Algebraic expression for the period of $\cos (\log (x))$?

Question

This question relates only to $x \in \mathbb{R}^+$. The function $f(x) = \cos (\log (x))$ is clearly defined on the positive reals, with a monotonic decreasing period $p(x)$ which is defined at the limits of this range by

$$\underset{x\to 0^+}{\text{lim}}p(f(x)) = \infty$$ $$\underset{x\to \infty}{\text{lim}}p(f(x)) = 0$$

$p$ still needs clear definition for any given $0 < x_0 < \infty$. So, let us define $p(x_ 0)$ as the smallest positive real $a$ for which this pair of equations hold:

$$\cos (\log (x_0)) = \cos (a \log (x_0))$$ $$\text{sgn}\left(\frac{\partial \cos \left(\log \left(x_0\right)\right)}{\partial x_0}\right) = \text{sgn}\left(\frac{\partial \cos \left(a \log \left(x_0\right)\right)}{\partial x_0}\right)$$

Is the right approach? And how do I proceed?

Answer 1

I would approach this as follows.

The period of $\cos(x)$ is $2\pi$, everywhere.

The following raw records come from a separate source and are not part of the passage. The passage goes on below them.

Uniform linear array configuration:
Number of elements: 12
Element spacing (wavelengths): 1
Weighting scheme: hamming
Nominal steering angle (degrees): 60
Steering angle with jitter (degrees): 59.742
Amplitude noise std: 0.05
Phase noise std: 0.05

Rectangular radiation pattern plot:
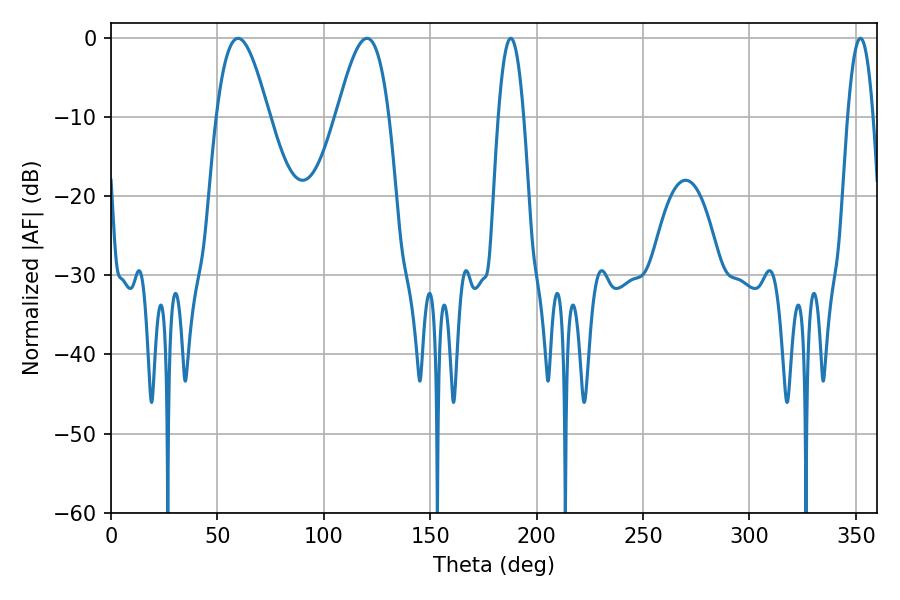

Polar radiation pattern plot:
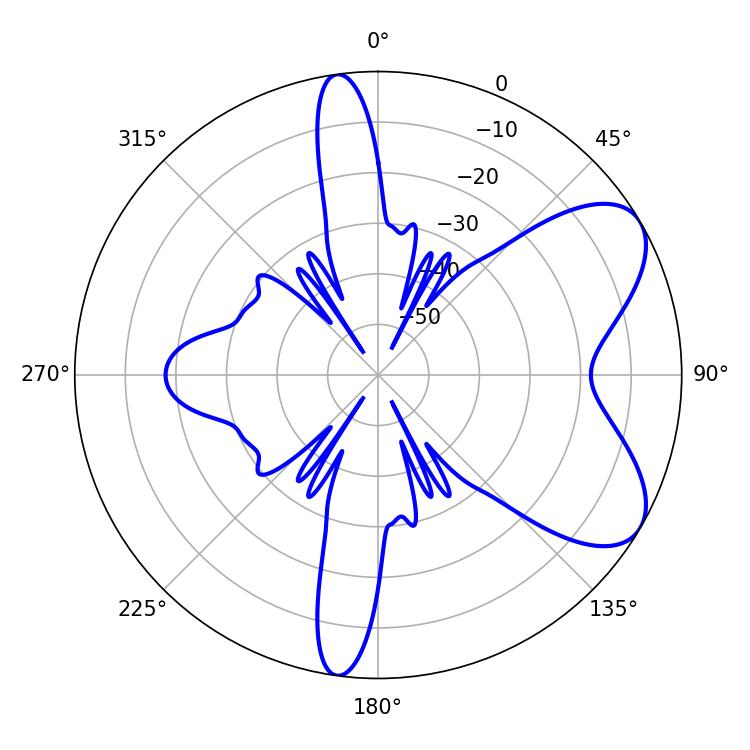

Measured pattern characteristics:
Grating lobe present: TRUE
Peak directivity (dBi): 6.864
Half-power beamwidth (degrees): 13.14
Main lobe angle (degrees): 59.76

At a particular $x_0$, what $a$ must you add to $x_0$ so that $\ln(x_0+a)$ is $2\pi$ greater than $\ln(x_0)$? In other words, solve for $a$ in

$$\ln(x_0)+2\pi=\ln(x_0+a)$$

The solution is

$$a=\left(e^{2\pi}-1\right)x_0$$

---

It would also make sense to me to go backwards and solve $$\ln(x_0)-2\pi=\ln(x_0-a)$$ where the solution is $$a=\left(1-e^{-2\pi}\right)x_0$$

You could take the two solutions and average them somehow. It might make sense to take their geometric mean:

$$a=\left(e^{\pi}-e^{-\pi}\right)x_0$$

Answer 2

$\cos x = \cos y\iff y = \pm x + 2k \pi$ for some integer $k$

$\log w = \log u \iff w = u$ so

$\cos (\log x) = \cos (\log y) \iff \log x = \pm \log y + 2k \pi $

$\iff \log x \mp \log y = 2k\pi\iff \log (\begin{cases}xy\\\frac xy\end{cases}) = 2k\pi$

And if there were a period, $p > 0$, so that $\cos (\log (x + p))=\cos (\log x)$ for all $x$ we would have that for every $x$ that either $\log (x(x+p))$ or $\log \frac x{x+p} = 2k\pi$.

But $\log(x(x+p))$ and $\log\frac x{x+p}$ are both continuous and not constant they can't be restricted to only multiples of $2\pi$, $\cos (\log x)$ is not periodic.